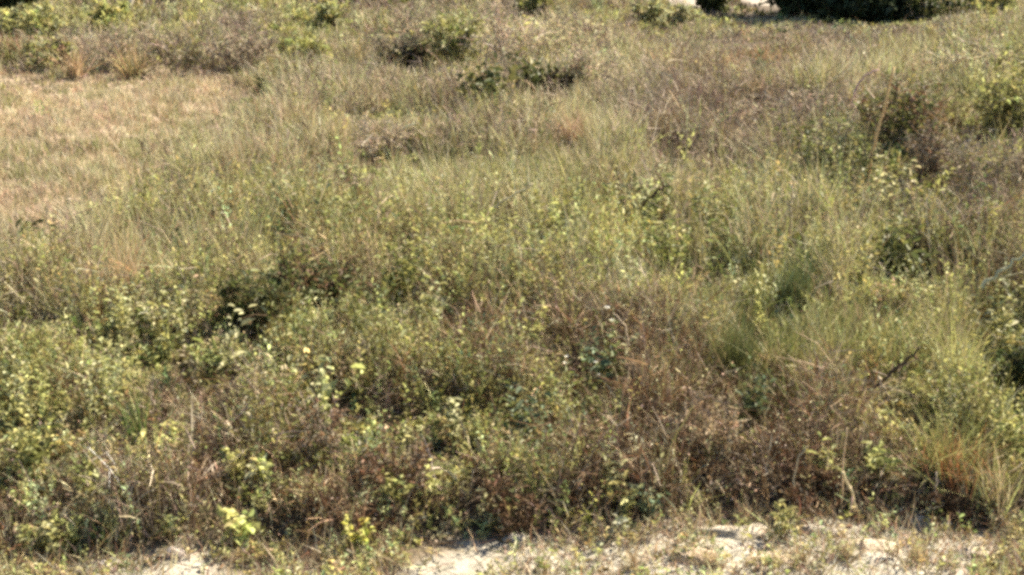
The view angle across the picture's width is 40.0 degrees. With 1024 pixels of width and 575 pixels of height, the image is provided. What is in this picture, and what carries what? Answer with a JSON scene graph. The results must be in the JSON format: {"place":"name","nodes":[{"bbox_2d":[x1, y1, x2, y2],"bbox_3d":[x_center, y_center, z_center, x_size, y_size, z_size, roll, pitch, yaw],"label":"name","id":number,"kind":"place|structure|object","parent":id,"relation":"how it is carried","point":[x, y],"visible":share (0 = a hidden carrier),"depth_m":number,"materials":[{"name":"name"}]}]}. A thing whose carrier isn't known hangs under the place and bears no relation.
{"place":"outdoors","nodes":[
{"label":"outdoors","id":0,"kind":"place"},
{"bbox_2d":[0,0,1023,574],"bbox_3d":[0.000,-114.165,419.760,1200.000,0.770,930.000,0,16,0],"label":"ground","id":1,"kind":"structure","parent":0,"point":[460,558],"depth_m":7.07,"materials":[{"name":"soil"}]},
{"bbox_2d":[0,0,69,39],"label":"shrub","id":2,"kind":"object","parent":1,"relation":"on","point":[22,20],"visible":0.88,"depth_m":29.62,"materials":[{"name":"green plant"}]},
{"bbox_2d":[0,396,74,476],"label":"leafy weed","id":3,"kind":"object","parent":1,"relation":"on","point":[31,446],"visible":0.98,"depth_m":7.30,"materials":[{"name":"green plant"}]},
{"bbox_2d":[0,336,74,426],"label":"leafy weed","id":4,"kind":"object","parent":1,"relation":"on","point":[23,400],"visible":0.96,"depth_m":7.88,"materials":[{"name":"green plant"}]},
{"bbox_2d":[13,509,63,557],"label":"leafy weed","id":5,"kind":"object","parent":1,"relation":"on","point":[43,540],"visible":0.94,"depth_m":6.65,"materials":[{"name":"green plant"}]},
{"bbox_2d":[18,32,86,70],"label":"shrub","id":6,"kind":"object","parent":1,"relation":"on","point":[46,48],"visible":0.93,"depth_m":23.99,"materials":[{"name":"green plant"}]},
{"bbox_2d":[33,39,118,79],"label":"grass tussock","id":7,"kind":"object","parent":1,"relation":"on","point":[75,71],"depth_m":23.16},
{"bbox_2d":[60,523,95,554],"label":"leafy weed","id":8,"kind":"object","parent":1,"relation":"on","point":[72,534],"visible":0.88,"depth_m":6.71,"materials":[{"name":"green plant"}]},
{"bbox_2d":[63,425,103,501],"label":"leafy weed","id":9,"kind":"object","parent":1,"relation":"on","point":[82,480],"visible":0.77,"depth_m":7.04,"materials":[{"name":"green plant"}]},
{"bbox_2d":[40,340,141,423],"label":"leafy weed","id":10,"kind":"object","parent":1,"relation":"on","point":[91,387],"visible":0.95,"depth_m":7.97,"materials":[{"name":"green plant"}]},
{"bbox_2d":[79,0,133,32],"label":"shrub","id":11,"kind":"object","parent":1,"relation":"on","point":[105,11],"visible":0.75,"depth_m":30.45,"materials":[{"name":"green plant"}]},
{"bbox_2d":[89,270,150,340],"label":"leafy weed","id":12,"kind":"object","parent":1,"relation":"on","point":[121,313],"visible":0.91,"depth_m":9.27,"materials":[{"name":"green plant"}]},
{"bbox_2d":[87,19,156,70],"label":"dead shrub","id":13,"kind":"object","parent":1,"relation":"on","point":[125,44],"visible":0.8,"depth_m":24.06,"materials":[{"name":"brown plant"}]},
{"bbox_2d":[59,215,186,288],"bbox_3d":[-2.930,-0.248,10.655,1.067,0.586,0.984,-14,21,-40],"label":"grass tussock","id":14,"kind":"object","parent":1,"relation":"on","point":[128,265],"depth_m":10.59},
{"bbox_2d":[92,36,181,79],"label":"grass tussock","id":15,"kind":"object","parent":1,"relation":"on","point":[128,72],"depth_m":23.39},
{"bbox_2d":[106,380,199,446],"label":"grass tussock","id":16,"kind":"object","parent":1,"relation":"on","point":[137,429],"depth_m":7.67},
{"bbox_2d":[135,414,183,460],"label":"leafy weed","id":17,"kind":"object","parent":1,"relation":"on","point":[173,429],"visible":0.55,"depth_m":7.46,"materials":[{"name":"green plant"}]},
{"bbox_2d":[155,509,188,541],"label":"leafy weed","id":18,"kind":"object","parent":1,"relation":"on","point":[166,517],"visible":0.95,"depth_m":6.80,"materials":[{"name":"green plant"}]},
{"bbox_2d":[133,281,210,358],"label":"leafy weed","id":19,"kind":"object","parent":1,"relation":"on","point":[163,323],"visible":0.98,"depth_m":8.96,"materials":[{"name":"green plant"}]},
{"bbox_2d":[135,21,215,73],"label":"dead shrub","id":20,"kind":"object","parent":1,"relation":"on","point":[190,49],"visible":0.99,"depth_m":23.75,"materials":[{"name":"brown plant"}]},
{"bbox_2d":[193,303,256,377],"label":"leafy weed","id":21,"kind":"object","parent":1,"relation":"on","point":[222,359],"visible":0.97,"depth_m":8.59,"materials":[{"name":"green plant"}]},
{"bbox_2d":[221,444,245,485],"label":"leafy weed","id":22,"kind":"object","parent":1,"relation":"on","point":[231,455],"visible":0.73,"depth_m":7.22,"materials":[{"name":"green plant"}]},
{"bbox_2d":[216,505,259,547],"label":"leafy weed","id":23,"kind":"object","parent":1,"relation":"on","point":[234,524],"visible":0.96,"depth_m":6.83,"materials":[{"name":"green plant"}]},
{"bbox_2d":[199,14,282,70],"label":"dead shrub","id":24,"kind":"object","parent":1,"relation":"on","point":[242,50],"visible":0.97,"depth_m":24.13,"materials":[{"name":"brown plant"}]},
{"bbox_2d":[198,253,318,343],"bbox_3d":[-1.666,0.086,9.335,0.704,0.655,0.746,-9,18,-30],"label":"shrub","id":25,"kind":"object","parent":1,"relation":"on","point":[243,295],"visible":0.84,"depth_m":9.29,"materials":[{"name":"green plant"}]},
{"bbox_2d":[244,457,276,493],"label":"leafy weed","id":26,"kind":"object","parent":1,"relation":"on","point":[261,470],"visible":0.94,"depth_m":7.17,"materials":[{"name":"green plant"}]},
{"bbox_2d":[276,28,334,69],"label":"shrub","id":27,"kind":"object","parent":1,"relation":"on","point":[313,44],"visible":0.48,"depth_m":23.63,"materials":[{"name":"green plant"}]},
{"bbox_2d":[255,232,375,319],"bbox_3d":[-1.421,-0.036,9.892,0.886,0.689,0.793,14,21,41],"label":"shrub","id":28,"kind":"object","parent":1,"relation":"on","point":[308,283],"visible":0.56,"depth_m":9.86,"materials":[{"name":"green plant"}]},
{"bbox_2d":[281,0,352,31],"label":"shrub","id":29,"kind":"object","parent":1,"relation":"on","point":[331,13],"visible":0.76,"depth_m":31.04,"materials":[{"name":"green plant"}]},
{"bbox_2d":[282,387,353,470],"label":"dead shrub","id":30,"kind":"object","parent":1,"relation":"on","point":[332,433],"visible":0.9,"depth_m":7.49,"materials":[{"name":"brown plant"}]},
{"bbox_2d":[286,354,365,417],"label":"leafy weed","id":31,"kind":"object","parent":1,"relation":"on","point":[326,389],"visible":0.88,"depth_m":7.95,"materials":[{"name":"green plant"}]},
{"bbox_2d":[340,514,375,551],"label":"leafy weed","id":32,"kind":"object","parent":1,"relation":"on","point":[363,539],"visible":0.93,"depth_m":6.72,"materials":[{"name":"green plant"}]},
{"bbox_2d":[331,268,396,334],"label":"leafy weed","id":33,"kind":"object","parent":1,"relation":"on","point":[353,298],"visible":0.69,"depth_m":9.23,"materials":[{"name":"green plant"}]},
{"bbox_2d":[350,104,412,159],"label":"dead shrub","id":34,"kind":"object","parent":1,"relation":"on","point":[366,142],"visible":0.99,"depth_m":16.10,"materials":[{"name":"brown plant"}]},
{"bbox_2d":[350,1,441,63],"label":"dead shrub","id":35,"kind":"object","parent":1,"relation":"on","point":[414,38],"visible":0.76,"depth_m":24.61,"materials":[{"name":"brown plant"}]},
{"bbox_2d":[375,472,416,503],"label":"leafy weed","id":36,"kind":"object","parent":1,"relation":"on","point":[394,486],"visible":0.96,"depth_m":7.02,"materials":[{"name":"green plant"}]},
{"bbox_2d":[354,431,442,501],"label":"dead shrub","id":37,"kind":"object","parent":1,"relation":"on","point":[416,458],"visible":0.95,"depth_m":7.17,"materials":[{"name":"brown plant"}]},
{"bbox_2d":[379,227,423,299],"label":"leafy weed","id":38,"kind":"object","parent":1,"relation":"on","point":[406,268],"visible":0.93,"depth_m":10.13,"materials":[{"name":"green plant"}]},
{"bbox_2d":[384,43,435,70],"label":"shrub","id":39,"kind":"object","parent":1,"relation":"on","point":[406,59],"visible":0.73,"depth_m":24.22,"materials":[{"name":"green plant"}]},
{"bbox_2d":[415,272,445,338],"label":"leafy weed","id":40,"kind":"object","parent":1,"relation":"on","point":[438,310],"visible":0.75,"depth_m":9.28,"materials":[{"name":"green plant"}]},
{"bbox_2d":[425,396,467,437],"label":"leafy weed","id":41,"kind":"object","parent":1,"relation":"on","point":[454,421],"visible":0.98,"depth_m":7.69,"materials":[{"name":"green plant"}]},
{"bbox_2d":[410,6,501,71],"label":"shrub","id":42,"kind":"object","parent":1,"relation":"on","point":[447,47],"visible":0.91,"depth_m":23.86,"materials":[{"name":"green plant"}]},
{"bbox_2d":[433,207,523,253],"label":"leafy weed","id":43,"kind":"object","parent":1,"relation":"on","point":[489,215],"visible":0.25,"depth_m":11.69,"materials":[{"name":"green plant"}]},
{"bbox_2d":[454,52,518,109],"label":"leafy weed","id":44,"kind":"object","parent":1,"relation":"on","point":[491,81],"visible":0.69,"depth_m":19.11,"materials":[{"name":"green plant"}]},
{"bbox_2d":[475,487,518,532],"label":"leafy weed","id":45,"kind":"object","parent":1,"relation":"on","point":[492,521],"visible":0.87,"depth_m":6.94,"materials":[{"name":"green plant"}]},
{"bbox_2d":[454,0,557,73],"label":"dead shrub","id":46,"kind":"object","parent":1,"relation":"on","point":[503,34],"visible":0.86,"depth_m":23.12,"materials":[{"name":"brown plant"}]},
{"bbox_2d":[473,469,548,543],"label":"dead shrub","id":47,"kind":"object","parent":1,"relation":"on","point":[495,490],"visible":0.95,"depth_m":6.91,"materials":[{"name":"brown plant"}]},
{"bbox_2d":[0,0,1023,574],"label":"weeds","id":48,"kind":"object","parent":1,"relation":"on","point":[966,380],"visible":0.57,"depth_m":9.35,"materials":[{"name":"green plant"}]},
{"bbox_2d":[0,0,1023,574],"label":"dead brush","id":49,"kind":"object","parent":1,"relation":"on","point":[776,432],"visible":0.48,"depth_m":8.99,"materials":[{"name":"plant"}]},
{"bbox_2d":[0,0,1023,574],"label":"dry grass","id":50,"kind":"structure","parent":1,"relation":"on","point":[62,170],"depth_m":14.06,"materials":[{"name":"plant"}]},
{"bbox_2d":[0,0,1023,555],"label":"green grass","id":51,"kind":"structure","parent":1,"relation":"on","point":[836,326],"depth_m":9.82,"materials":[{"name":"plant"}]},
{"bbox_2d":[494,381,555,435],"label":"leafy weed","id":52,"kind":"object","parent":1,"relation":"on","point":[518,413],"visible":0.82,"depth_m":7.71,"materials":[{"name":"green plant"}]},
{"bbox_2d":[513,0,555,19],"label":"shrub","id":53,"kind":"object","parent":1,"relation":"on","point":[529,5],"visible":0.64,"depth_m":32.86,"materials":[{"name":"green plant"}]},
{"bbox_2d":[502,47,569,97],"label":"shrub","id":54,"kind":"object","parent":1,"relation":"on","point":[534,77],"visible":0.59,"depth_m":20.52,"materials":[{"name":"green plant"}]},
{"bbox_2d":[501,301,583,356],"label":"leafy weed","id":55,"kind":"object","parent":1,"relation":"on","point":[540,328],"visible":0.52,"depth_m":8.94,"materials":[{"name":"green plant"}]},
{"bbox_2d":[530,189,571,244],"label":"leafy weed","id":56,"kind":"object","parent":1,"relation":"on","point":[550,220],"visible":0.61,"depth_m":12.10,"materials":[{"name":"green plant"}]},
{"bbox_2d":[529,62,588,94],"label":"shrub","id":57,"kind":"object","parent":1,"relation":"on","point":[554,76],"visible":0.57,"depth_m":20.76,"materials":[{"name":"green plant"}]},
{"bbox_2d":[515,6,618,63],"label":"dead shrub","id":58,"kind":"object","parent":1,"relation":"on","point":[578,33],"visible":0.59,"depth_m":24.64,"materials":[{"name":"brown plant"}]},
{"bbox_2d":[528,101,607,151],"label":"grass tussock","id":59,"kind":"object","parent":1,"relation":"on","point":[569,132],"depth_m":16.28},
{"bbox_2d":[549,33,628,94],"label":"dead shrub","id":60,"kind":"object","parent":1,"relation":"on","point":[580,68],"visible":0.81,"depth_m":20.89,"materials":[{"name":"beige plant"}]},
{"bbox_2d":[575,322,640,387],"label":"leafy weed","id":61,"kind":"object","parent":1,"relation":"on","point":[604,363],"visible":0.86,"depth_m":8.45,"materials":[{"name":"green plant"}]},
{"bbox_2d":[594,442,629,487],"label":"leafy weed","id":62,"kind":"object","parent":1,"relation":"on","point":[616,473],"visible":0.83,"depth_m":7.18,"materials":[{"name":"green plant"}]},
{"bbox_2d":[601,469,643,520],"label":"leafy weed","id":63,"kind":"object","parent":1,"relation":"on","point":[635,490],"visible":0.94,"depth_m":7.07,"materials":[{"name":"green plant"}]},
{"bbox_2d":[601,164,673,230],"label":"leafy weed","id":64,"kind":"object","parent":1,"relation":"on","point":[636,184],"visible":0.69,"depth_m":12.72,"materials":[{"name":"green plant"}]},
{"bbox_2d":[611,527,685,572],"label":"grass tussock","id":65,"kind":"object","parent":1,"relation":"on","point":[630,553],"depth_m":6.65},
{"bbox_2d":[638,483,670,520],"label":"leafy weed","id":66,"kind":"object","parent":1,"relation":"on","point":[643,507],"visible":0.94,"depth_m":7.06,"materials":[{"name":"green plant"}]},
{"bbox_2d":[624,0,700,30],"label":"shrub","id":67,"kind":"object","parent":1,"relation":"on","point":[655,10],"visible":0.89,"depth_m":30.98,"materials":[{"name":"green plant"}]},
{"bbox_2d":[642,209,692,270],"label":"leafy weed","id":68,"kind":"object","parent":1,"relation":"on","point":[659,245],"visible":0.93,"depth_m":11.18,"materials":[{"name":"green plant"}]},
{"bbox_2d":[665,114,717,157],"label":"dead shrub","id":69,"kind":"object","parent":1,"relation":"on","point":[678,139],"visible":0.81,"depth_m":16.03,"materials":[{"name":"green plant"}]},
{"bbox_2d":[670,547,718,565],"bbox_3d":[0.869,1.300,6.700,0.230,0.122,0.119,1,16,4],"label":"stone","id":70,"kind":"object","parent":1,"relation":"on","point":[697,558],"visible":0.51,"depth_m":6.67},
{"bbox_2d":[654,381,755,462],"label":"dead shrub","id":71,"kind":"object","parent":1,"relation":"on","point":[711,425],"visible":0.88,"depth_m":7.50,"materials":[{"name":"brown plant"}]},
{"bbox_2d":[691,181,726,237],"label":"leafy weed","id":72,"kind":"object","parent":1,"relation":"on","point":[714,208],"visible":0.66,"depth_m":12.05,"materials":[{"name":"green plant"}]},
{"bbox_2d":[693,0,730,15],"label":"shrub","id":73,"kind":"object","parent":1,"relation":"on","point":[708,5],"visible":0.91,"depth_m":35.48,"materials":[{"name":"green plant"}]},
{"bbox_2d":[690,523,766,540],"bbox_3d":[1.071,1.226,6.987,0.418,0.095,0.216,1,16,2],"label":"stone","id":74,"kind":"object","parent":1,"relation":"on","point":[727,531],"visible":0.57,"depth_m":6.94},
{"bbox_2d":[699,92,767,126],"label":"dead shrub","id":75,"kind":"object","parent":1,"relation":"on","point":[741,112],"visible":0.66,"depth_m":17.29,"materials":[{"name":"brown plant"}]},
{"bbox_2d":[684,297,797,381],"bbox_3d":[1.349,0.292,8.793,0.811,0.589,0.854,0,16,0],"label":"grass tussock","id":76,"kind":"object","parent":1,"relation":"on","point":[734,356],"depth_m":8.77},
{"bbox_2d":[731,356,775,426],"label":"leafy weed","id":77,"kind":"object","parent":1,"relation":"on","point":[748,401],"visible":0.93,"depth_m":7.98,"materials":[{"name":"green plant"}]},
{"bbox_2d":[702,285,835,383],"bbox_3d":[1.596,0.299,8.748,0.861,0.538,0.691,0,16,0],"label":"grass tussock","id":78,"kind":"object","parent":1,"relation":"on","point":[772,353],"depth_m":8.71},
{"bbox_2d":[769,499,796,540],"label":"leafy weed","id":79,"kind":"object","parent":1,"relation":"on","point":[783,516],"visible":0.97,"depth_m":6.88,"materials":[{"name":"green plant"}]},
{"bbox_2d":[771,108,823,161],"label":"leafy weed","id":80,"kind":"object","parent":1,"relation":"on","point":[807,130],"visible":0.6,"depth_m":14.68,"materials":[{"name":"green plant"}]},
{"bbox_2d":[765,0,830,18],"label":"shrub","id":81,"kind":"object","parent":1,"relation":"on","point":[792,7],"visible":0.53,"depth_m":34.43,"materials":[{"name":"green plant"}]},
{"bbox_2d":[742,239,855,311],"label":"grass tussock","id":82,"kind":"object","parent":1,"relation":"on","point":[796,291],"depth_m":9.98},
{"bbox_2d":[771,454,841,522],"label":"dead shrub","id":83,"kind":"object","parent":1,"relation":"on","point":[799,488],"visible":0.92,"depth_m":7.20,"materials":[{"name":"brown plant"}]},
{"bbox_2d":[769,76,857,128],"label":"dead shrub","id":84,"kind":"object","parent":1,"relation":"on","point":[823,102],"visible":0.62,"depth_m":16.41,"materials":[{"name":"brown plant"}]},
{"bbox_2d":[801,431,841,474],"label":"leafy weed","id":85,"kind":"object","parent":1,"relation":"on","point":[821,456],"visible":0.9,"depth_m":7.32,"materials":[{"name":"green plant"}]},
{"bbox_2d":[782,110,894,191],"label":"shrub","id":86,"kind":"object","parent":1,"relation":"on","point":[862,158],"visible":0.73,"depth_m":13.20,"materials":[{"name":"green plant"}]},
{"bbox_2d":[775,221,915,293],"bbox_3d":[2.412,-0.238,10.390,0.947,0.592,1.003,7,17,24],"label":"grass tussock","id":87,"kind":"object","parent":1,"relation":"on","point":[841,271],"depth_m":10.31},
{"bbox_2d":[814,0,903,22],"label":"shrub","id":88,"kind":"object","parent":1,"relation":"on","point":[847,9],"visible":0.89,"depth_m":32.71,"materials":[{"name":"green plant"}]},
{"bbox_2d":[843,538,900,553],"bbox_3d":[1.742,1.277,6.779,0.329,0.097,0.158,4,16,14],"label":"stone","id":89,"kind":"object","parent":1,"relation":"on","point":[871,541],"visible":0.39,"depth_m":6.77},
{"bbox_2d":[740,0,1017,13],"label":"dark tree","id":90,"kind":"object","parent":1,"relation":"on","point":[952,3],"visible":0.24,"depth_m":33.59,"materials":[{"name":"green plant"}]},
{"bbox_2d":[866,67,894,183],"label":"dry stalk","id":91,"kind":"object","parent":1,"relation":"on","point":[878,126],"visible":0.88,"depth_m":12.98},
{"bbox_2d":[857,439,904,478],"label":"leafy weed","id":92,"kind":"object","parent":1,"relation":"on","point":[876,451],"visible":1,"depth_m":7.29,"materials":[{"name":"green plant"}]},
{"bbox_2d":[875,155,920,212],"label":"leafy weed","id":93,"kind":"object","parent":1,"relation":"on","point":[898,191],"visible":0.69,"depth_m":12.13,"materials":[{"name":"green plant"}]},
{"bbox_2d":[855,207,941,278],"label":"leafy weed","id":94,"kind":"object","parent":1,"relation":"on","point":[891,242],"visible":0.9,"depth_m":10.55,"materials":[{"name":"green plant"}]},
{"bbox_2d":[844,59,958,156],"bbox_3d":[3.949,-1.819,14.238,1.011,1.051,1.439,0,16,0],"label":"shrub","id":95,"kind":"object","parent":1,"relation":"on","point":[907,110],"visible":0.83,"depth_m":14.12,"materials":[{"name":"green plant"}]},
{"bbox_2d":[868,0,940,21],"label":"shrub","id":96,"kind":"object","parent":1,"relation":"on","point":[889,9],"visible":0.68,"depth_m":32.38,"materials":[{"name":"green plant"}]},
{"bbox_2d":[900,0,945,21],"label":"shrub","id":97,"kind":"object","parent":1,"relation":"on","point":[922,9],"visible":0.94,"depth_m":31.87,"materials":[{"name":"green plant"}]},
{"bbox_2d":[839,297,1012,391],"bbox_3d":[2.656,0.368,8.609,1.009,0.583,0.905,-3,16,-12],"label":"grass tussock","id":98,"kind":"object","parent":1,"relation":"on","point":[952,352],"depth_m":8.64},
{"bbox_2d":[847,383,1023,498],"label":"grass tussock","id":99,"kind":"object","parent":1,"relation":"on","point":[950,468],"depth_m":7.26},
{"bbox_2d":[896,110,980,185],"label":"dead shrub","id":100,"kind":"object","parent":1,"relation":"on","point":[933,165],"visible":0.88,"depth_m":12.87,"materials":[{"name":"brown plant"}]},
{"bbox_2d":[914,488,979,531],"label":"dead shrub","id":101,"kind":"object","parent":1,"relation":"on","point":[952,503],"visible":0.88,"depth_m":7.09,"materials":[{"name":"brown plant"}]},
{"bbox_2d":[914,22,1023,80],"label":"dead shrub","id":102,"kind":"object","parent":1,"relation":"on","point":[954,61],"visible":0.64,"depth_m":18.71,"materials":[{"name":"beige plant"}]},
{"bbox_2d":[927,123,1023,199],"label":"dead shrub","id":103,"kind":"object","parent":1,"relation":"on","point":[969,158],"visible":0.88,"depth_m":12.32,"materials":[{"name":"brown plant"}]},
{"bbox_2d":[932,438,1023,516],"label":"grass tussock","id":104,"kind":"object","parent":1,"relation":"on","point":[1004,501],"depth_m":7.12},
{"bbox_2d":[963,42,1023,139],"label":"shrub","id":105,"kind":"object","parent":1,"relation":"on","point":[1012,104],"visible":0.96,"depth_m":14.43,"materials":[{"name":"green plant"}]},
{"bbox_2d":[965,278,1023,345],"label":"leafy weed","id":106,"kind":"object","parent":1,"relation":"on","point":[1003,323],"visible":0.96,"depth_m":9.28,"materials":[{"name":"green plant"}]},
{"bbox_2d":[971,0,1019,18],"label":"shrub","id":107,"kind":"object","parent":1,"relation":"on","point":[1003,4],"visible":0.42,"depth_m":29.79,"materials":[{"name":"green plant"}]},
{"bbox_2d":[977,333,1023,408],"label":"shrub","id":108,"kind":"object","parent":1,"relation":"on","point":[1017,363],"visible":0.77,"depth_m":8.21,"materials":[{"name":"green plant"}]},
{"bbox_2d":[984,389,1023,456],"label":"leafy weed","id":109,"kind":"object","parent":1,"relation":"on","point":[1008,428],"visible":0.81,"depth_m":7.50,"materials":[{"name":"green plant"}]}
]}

WHAT THE TASK REQUIRES. Output nothing but the number of lines in the data containing the string "beige".

YOUR SOLUTION. 2